Multiple-Nucleotide Mutations
Now, we can see that there are 3 or 6 indels show up right after the other. For example, the sets of mutations at positions 21765–21770, 21991–21993, and 22029–22034 clearly move together. We can combine these the single-nucleotide mutations into a multiple-nucleotide mutation, and this combination is corroborated by statistical and biological evidence:
- In the assignment dataset, the frequency plots of the single-nucleotide changes are identical in both frequency and time. Thus, there is a strong chance these changes are connected.
- In the open-source dataset, the frequency of only one or few of these single-nucleotide changes is much smaller than the frequency of the multiple-nucleotide mutation.
- These nucleotide changes occur for 3 or 6 nucleotides, which is equal to the length of 1 and 2 codons, respectively. So, when 3 or 6 nucleotides are deleted, a whole codon or 2 codons are dropped, which indicates an amino acid deletion mutation.
From Nucleotides to Amino Acids
Once you know the nucleotide positions, it’s straightforward to map them to amino acids using a codon table. That lets you check which changes are synonymous (don’t affect the protein sequence) versus non-synonymous (do change the protein sequence).

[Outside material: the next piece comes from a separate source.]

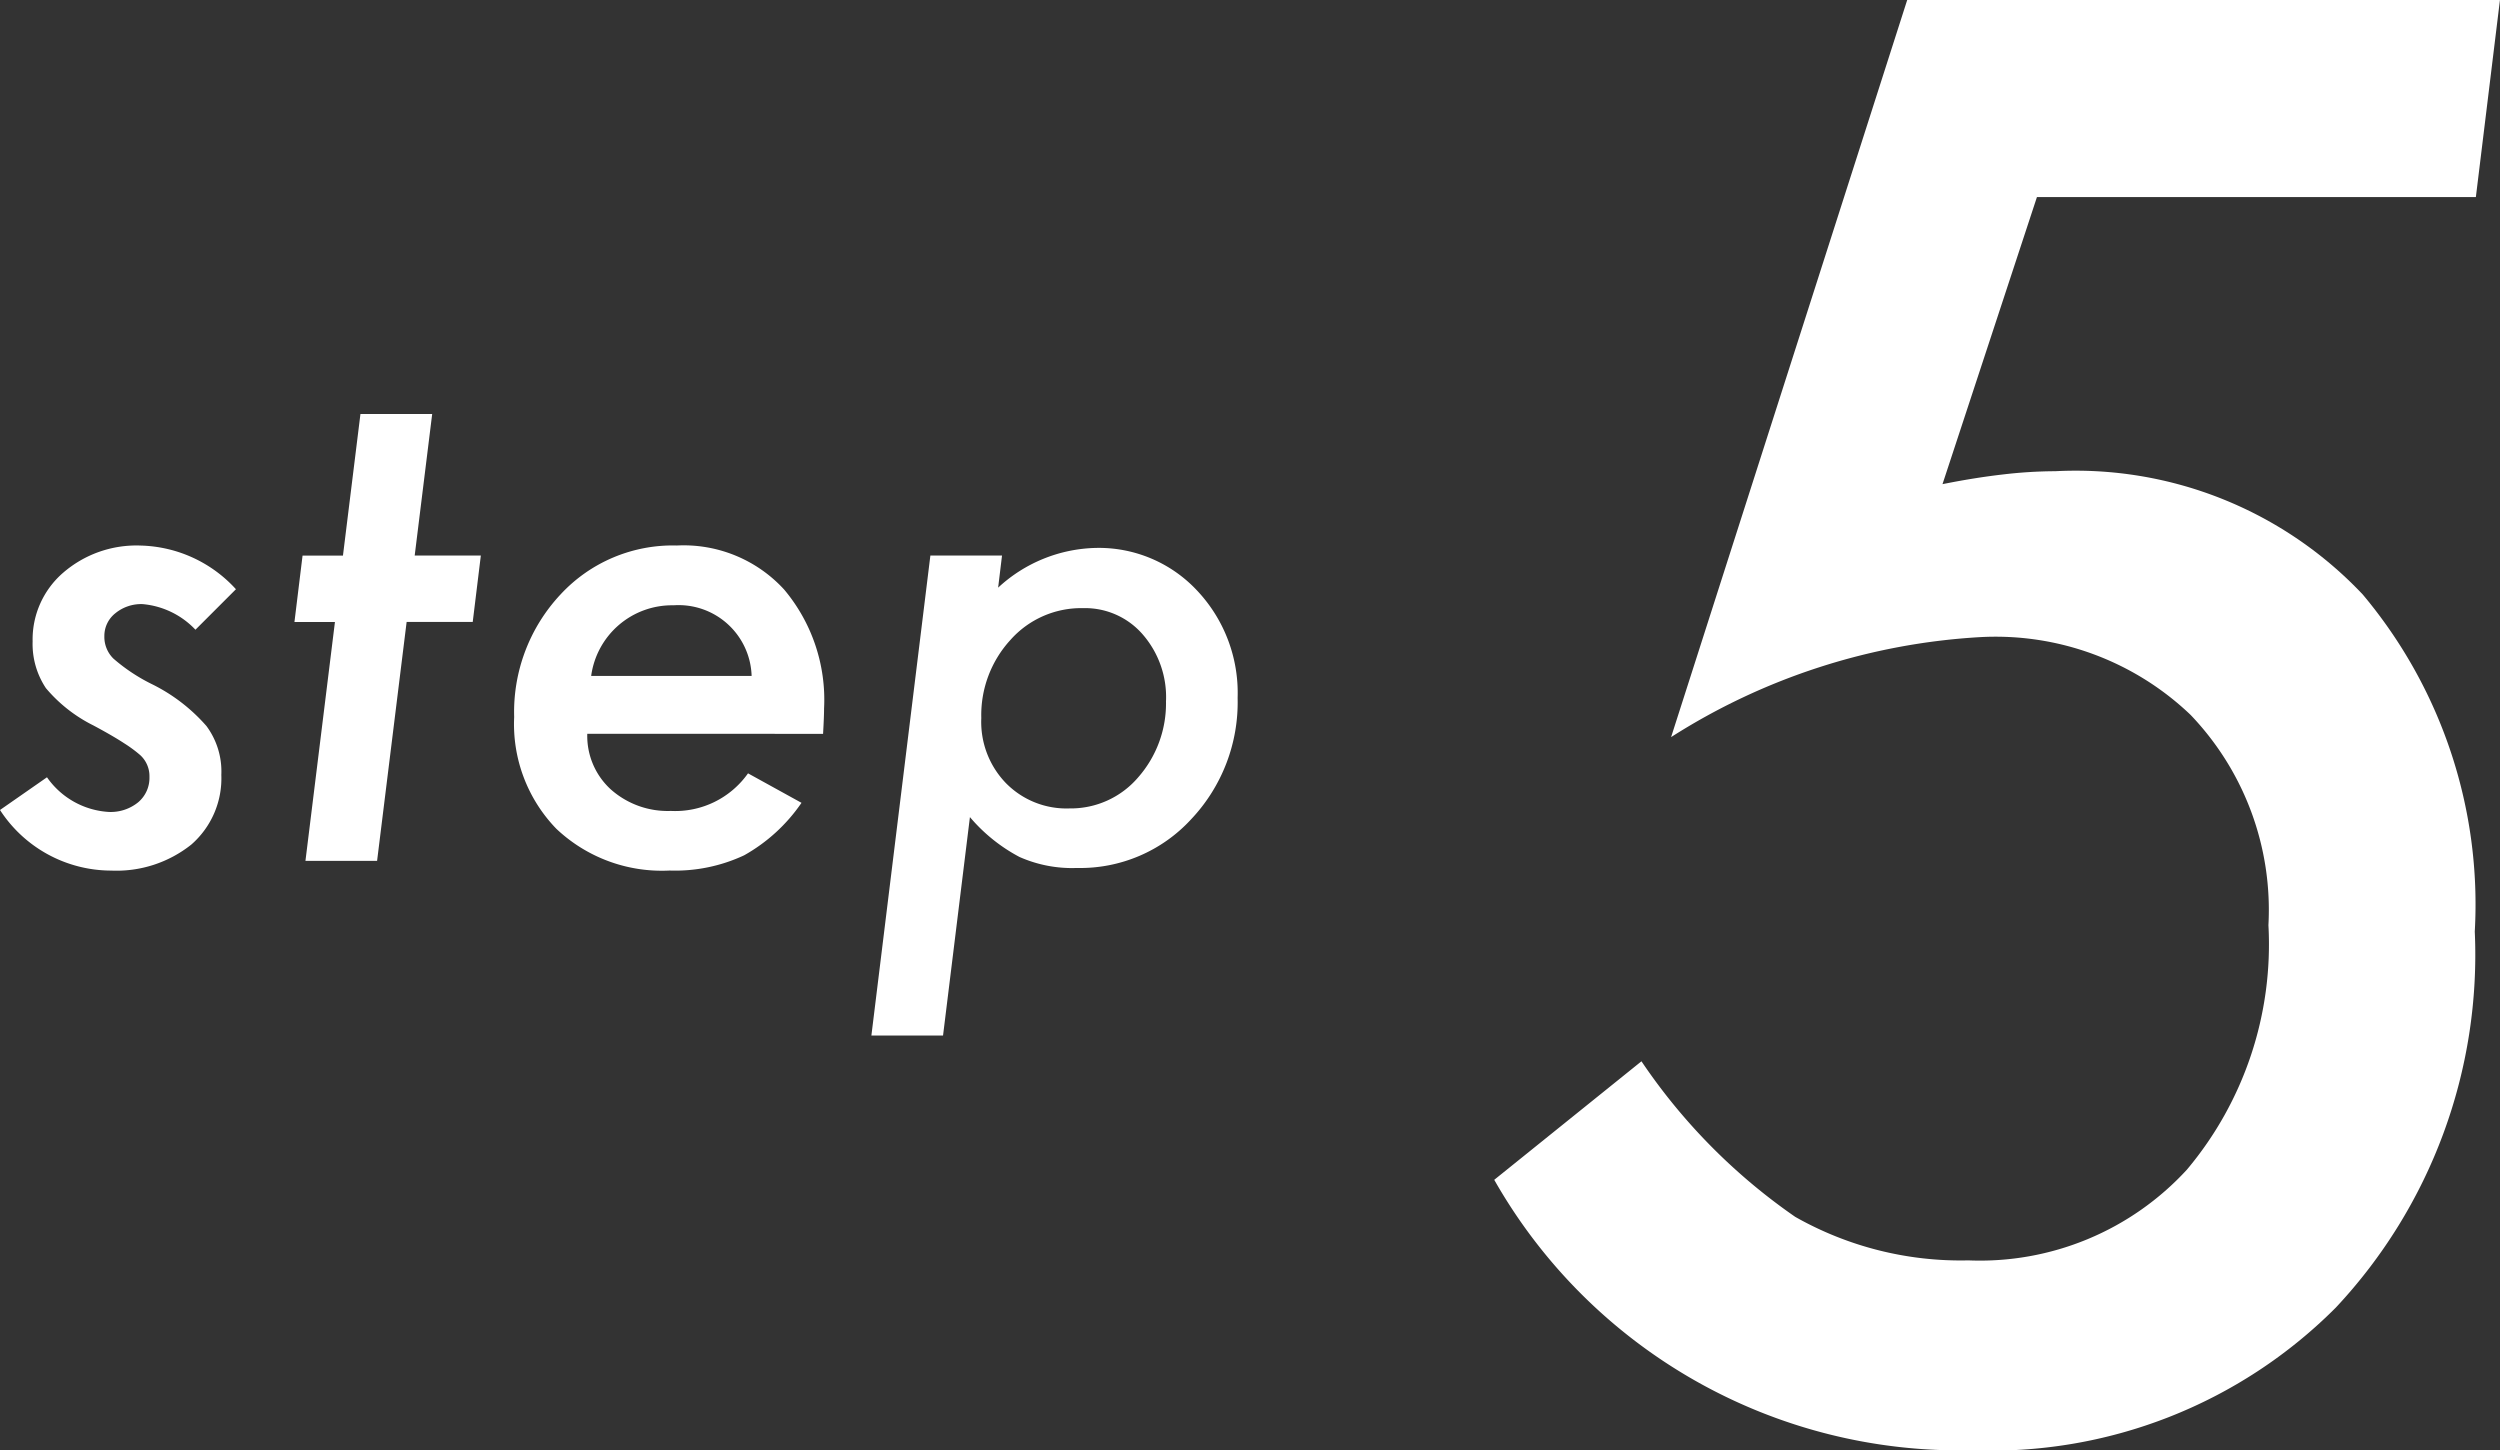 <svg xmlns="http://www.w3.org/2000/svg" width="52.726" height="30.586" viewBox="0 0 52.726 30.586"><rect x="0" y="0" width="52.726" height="30.586" fill="#333333" stroke="none"/><g transform="translate(-422.267 -12328.844)"><path d="M5.243-5.729l-.854.854a1.744,1.744,0,0,0-1.114-.54.86.86,0,0,0-.578.195.608.608,0,0,0-.229.482.641.641,0,0,0,.191.472,3.756,3.756,0,0,0,.8.533,3.7,3.7,0,0,1,1.162.889,1.612,1.612,0,0,1,.314,1.032A1.853,1.853,0,0,1,4.3-.342,2.532,2.532,0,0,1,2.611.205,2.8,2.8,0,0,1,.267-1.073l.991-.69a1.711,1.711,0,0,0,1.3.731.919.919,0,0,0,.625-.205.673.673,0,0,0,.236-.533.6.6,0,0,0-.2-.465,2.79,2.79,0,0,0-.335-.246q-.239-.157-.649-.376a3.129,3.129,0,0,1-1-.786,1.682,1.682,0,0,1-.28-.984,1.86,1.86,0,0,1,.643-1.449,2.36,2.36,0,0,1,1.634-.574A2.809,2.809,0,0,1,5.243-5.729Zm3.6.69L8.22,0H6.709l.622-5.038H6.477l.171-1.4H7.5l.369-2.987H9.382L9.013-6.439h1.395l-.171,1.4ZM12.653-2.68a1.526,1.526,0,0,0,.492,1.169,1.807,1.807,0,0,0,1.271.458,1.879,1.879,0,0,0,1.627-.793l1.128.622a3.6,3.6,0,0,1-1.21,1.107,3.437,3.437,0,0,1-1.572.321A3.238,3.238,0,0,1,12-.677a3.174,3.174,0,0,1-.889-2.358,3.626,3.626,0,0,1,.978-2.584,3.224,3.224,0,0,1,2.454-1.032,2.874,2.874,0,0,1,2.263.93,3.615,3.615,0,0,1,.841,2.509q0,.164-.021.533ZM16.119-3.9a1.541,1.541,0,0,0-1.647-1.49A1.721,1.721,0,0,0,12.735-3.9ZM21.4-6.439l-.082.677A3.132,3.132,0,0,1,23.375-6.6a2.835,2.835,0,0,1,2.14.9,3.146,3.146,0,0,1,.854,2.263,3.59,3.59,0,0,1-.978,2.557A3.178,3.178,0,0,1,22.979.15a2.739,2.739,0,0,1-1.21-.232,3.531,3.531,0,0,1-1.046-.841l-.567,4.607H18.645L19.889-6.439Zm3.459,3.063a2.015,2.015,0,0,0-.492-1.4,1.608,1.608,0,0,0-1.258-.554,1.994,1.994,0,0,0-1.531.67,2.345,2.345,0,0,0-.615,1.647,1.857,1.857,0,0,0,.52,1.374,1.789,1.789,0,0,0,1.34.533,1.87,1.87,0,0,0,1.449-.656A2.362,2.362,0,0,0,24.858-3.377Z" transform="translate(422 12347)" fill="#fff"/><path d="M21.992-30.156,21.484-26H12.227l-1.992,6.055q.684-.137,1.279-.205a9.725,9.725,0,0,1,1.1-.068,8.327,8.327,0,0,1,6.484,2.6,10.168,10.168,0,0,1,2.363,7.109,10.88,10.88,0,0,1-2.93,7.93A10.258,10.258,0,0,1,10.84.43,11.278,11.278,0,0,1,.781-5.273l3.105-2.5A12.444,12.444,0,0,0,7.129-4.492a7.078,7.078,0,0,0,3.652.918,5.926,5.926,0,0,0,4.609-1.914,7.386,7.386,0,0,0,1.719-5.156,5.95,5.95,0,0,0-1.641-4.434,5.95,5.95,0,0,0-4.434-1.641,13.555,13.555,0,0,0-6.523,2.109l4.98-15.547Z" transform="translate(453 12359)" fill="#fff"/></g></svg>

| Mutation index | Nucleotide(s)’ position | Nucleotide(s) change | Amino acid change |
|---|---|---|---|
| 1 | 21618 | C>G | T19R |
| 2 | 21765 | TACATG>- | HV 69–70 deletion |
| 3 | 21846 | C>T | T95I |
| 4 | 21987 | G>A | G142D |
| 5 | 21991 | TTA>- | Y144 deletion |
| 6* | 22028 | GATTCA>- | - |
| 7 | 22029 | AGTTCA>- | EF 156-157 deletion |
| 8 | 22917 | T>G | L452R |
| 9 | 22995 | C>A | T478K |
| 10 | 23063 | A>T | N501Y |
| 11 | 23271 | C>A | A570D |
| 12 | 23403 | A>G | D614G |
| 13 | 23604 | C>G | P681H |
| 14 | 23604 | C>A | P681R |
| 15 | 23709 | C>T | T716I |
| 16 | 24410 | G>A | D950N |
| 17 | 24506 | T>G | S982A |
| 18 | 24914 | G>C | D1118H |
This is where things get interesting, and I think this was the point of the whole project. Some of these mutations we found are known “defining mutations” of major variants:
- Delta (21A/S:478K): mutations 1, 4, 7, 8, 9, 12, 14, 16
- Alpha (S.501Y.V1): mutations 2, 5, 10, 11, 12, 13, 15, 17, 18
If you track their frequencies over time, you can actually see the variant takeover happening. Before May 3, Alpha mutations dominate (~75–80%) and Delta is still rare (~10%). After May 3, Alpha drops off and Delta rapidly rises. Mutation 12 is present in both, so it stays at 100%. This matches real-world data almost perfectly: by June 4, 2021, the Delta variant had officially become dominant in the UK.
Functional Impact
Using this data, we can also determine which mutations are more likely to be responsible for increased pathogenicity. One of such cases is the case of P681R and P681H mutations of the Delta and Alpha strands, respectively. It has been determined that the P681 mutation is key to the increased pathogenicity of the Delta variant. The reason behind the effectiveness of this mutation is the cleavage of S1 and S2 subunits which is predicted to improve cell-surface-mediated virus entry. The alpha variant also exhibits enhanced S1/S2 cleavage thanks to its P681H mutation, however, the P681R mutation is much more effective than the P681H mutation.